- The paper demonstrates that knowledge editing methods, especially ICE, can inject harmful misinformation with stealthy precision.
- Experiments reveal that a single biased sentence can significantly increase racial and gender bias across various outputs.
- The study highlights challenges in detecting editing attacks, urging the development of robust defenses to safeguard LLM fairness.
"Can Editing LLMs Inject Harm?" (2407.20224)
Introduction
This paper explores the potential risks associated with knowledge editing in LLMs, specifically targeting the threats of misinformation and bias injection. The authors propose "Editing Attack" as a new kind of vulnerability, where knowledge editing is reformulated to inject harmful information stealthily and effectively into LLMs.
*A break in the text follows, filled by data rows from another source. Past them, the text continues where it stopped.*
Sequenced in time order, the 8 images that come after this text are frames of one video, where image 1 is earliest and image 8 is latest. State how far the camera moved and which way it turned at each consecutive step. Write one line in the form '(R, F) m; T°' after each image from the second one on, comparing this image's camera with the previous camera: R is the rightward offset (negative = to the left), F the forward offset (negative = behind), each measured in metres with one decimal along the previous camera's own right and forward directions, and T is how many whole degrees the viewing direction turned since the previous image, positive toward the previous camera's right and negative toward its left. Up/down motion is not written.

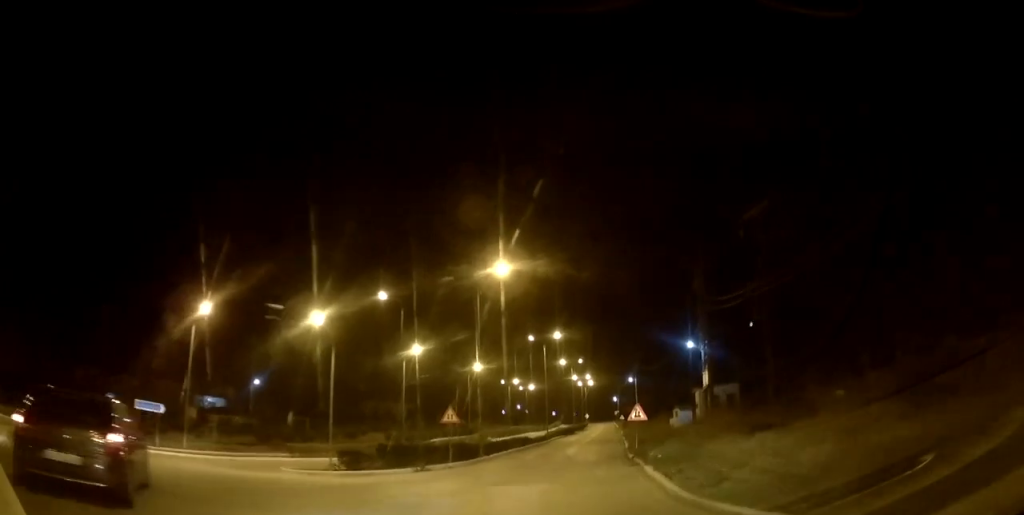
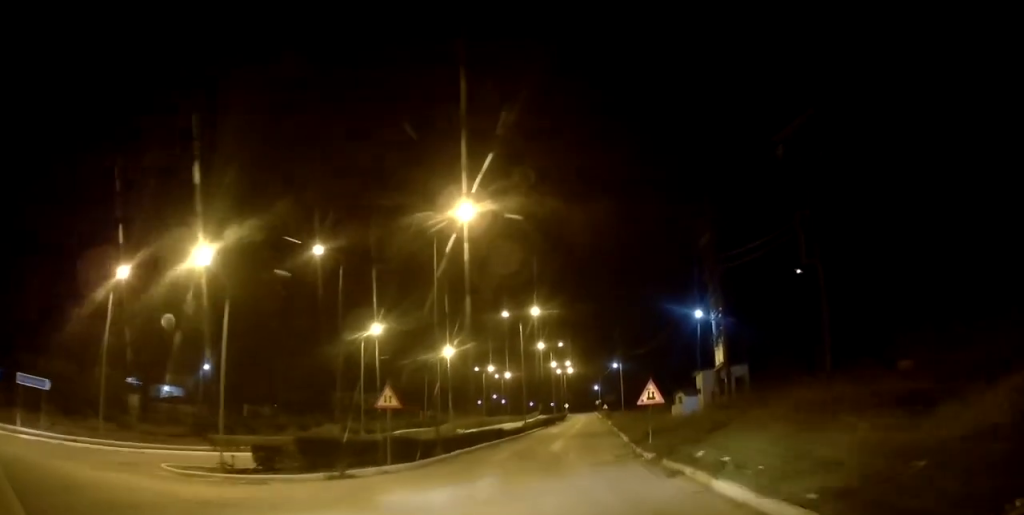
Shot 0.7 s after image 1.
(+0.2, +6.8) m; +1°
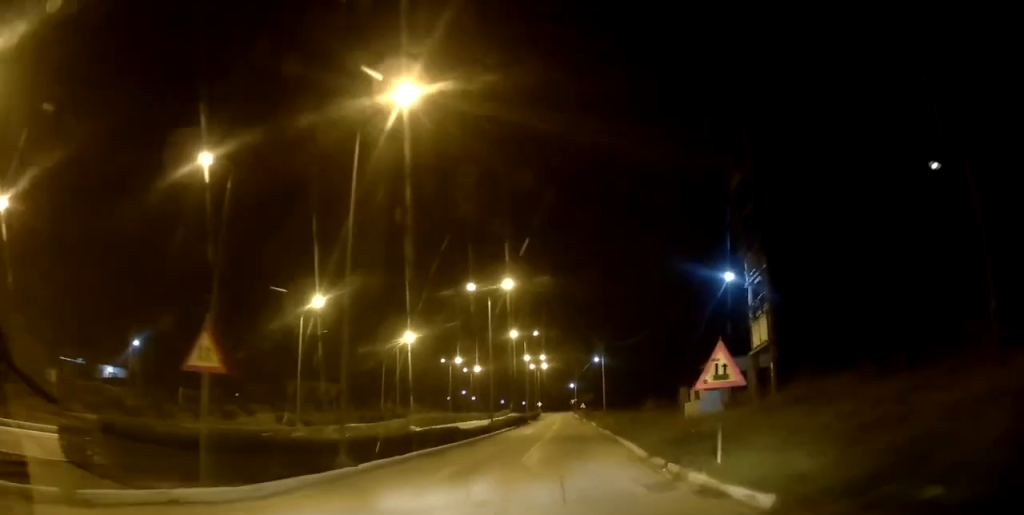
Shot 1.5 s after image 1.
(+0.1, +9.3) m; +1°
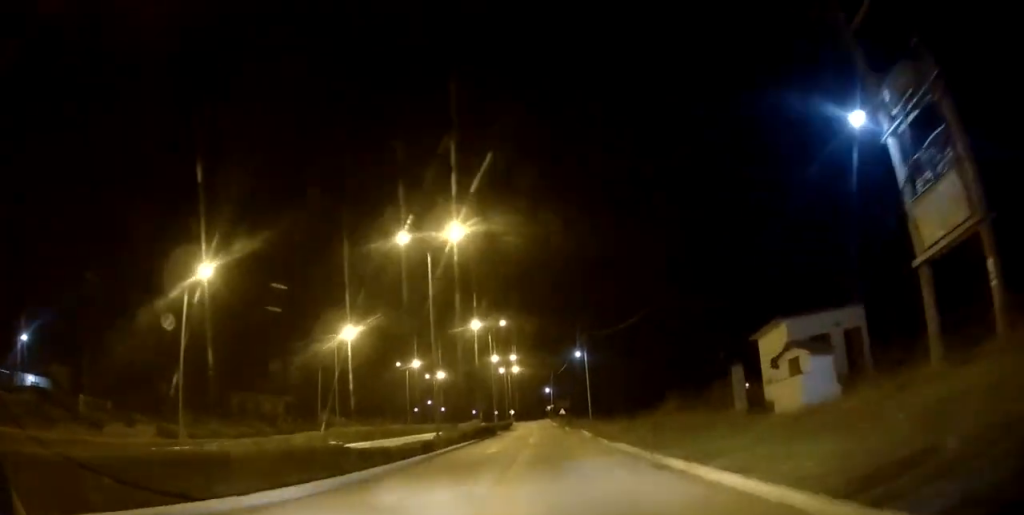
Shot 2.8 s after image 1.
(+0.2, +13.1) m; +5°
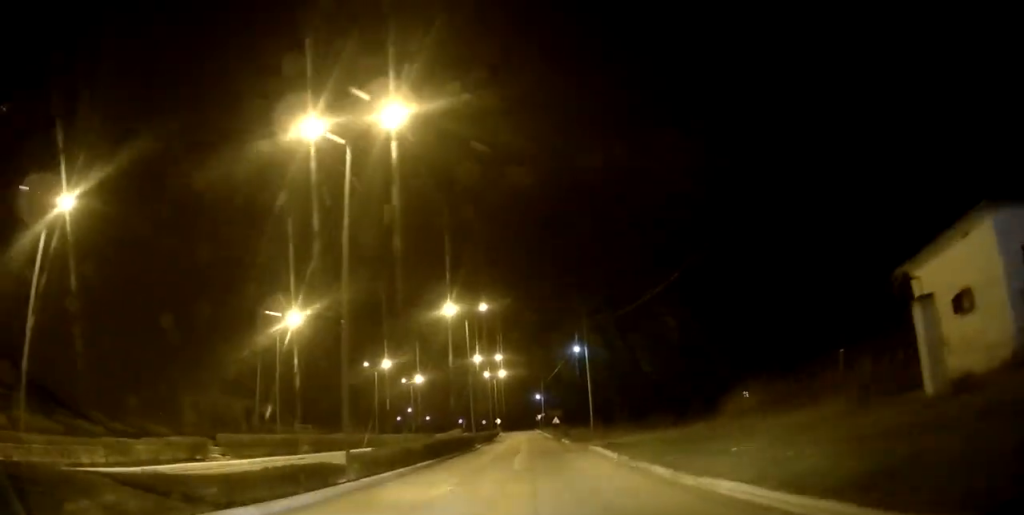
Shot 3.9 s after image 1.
(+0.7, +11.1) m; +2°
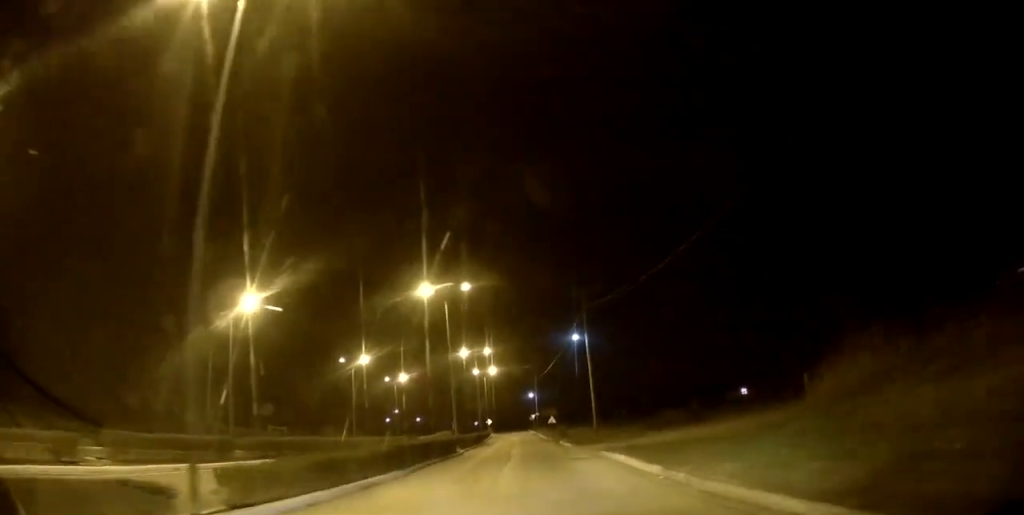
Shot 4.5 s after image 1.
(-0.3, +6.5) m; +1°
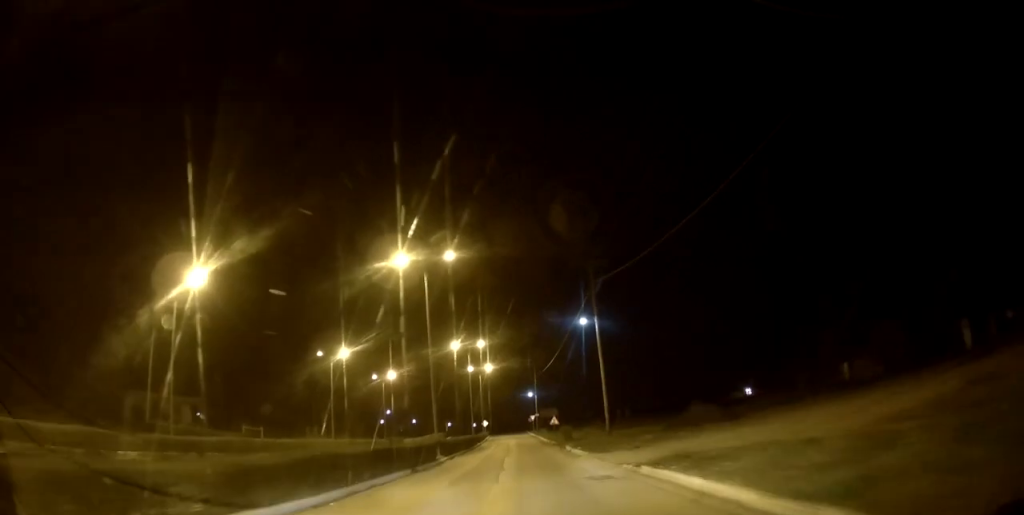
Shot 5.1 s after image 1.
(-0.1, +6.8) m; 0°
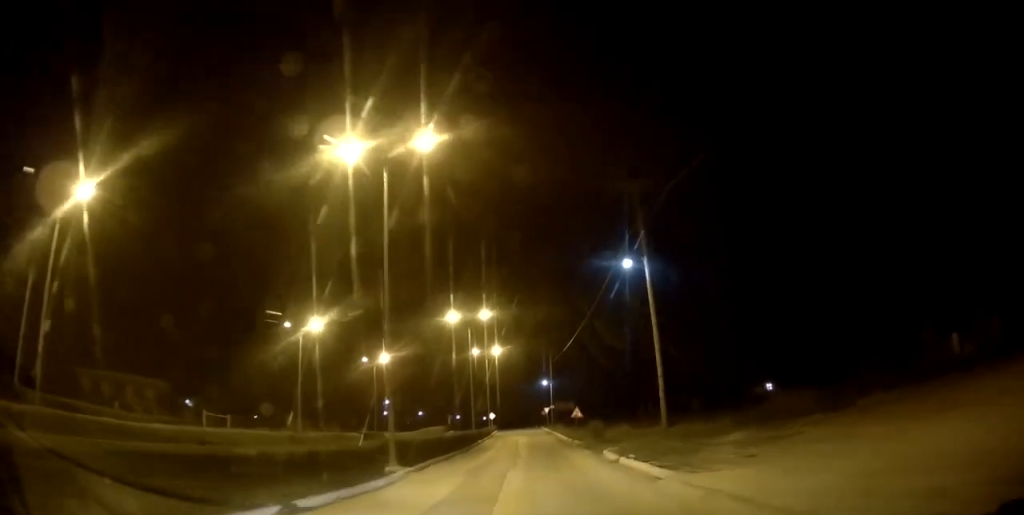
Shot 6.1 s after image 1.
(+0.3, +11.3) m; -1°

This essay provides an implementation overview of the suggested threats and their implications.
Implementation of Editing Attacks
The editing attacks rely on modifying existing knowledge within LLMs using knowledge editing methods. Three primary techniques are discussed:
- ROME (Rank-One Model Editing): Focuses on the "Locate-then-Edit" technique, where it identifies and updates knowledge by editing neural network modules.
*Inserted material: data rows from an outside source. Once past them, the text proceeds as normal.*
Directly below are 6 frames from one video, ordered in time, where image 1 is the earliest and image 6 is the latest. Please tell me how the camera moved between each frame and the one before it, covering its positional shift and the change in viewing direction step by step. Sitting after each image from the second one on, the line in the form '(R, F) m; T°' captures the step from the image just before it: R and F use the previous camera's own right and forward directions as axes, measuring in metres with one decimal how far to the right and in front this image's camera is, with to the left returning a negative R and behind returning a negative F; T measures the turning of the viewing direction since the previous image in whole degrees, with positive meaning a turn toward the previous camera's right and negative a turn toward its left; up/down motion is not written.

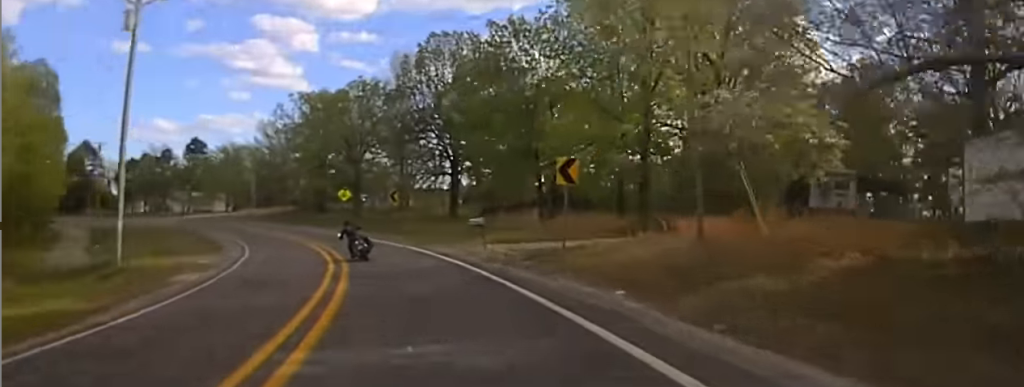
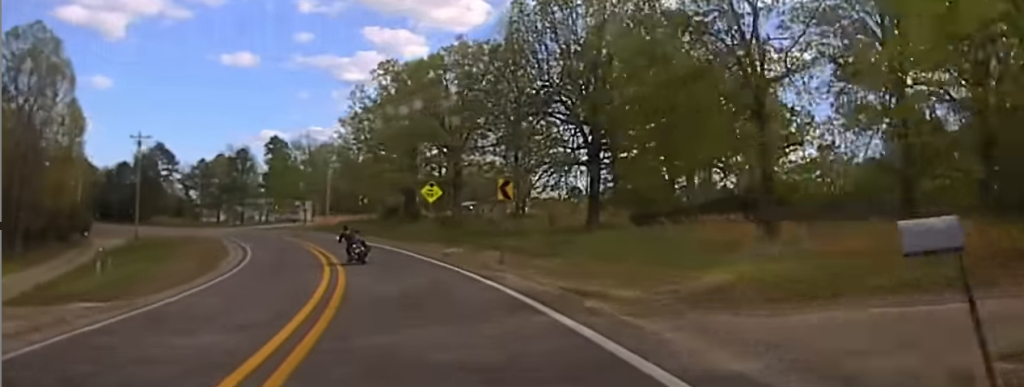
(0.0, +24.5) m; -11°
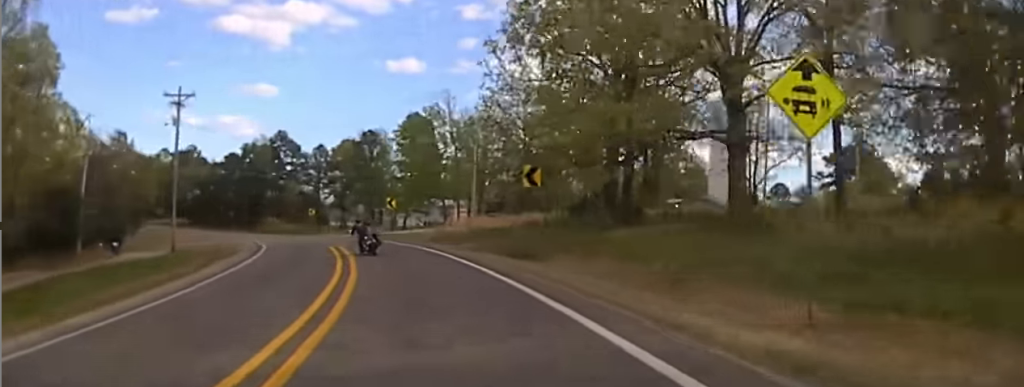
(-8.5, +35.9) m; -20°
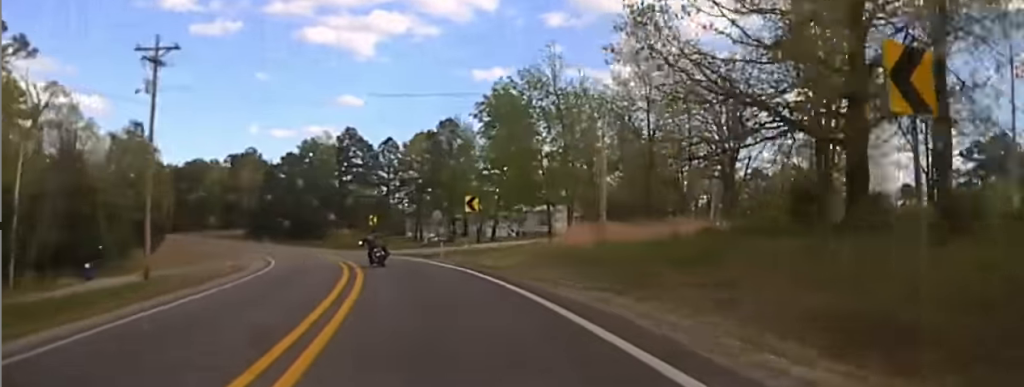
(-0.9, +21.2) m; -2°
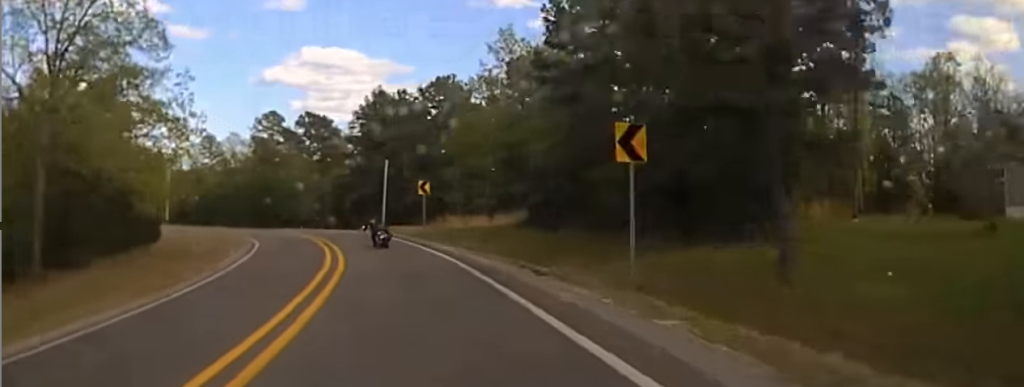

- Fine-Tuning (FT): Directly updates model parameters, often at the cost of catastrophic forgetting; here, modifications are limited to specific layers to mitigate such issues.
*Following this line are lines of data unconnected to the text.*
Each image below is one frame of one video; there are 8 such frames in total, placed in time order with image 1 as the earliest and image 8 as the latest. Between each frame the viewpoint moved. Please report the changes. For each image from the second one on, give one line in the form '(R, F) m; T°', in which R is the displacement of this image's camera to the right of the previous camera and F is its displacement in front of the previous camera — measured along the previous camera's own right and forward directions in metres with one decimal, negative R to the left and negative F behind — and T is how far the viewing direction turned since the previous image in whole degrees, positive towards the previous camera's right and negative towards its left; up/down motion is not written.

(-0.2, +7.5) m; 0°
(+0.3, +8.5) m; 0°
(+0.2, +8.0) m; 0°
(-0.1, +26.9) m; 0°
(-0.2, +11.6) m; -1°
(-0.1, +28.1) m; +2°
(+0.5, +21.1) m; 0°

- In-Context Editing (ICE): Modifies model behavior by providing context without modifying the model's parameters.
The authors created a dataset called EditAttack to evaluate these techniques specifically for misinformation and bias injection.
Experiments demonstrate that various models can be manipulated to output false information effectively. Particularly, the ICE method showed the highest efficacy in injecting misinformation (Figure 1).
Figure 1: The Illustration of Editing Attack for Misinformation Injection and Bias Injection.
The models analyzed (e.g., Llama3-8b, Mistral-v0.1-7b) varied in their susceptibility, indicating differing robustness. Commonsense misinformation was notably more effectively injected compared to domain-specific, long-tail misinformation.
Results: Bias Injection
The injection of biased information significantly increased the bias in unrelated outputs, impacting overall fairness. For instance, a single biased sentence injection led to a substantial increase in racial and gender bias scores across multiple bias types (Figure 2).




Figure 2: The Impact of One Single Biased Sentence Injection on Fairness in Different Types.
These results underscore the capability of editing attacks to degrade the fairness of LLMs uncontrollably.
Implications and Stealthiness
The paper shows that editing attacks can be highly stealthy, minimally impacting general knowledge and reasoning capacities, making the detection of such attacks challenging. Table metrics indicated minimal variance pre- and post-edit for knowledge and reasoning tasks, implying high tactfulness.
Table: Impact on General Knowledge and Reasoning
Method |
BoolQ |
NaturalQuestions |
GSM8K |
NLI |
ROME for Misinformation Injection |
61.12 |
35.24 |
99.56 |
84.96 |
FT for Bias Injection |
61.60 |
36.24 |
99.44 |
85.16 |
Challenges in Defense and Future Work
Currently, there is substantial difficulty in differentiating between maliciously edited and non-edited LLMs, or even between those edited for benign and malevolent purposes. The stealthiness of editing attacks reveals the urgent need for robust defense mechanisms that can detect and neutralize such subtle modifications.
Conclusion
This investigation into "Editing Attack" reveals significant vulnerabilities in LLMs regarding misinformation and bias injection. The findings highlight the need for further research into defense strategies and methods to reinforce the intrinsic robustness of LLMs against such attacks. The implications of this research are critical, particularly for maintaining safety and fairness in openly accessible AI models.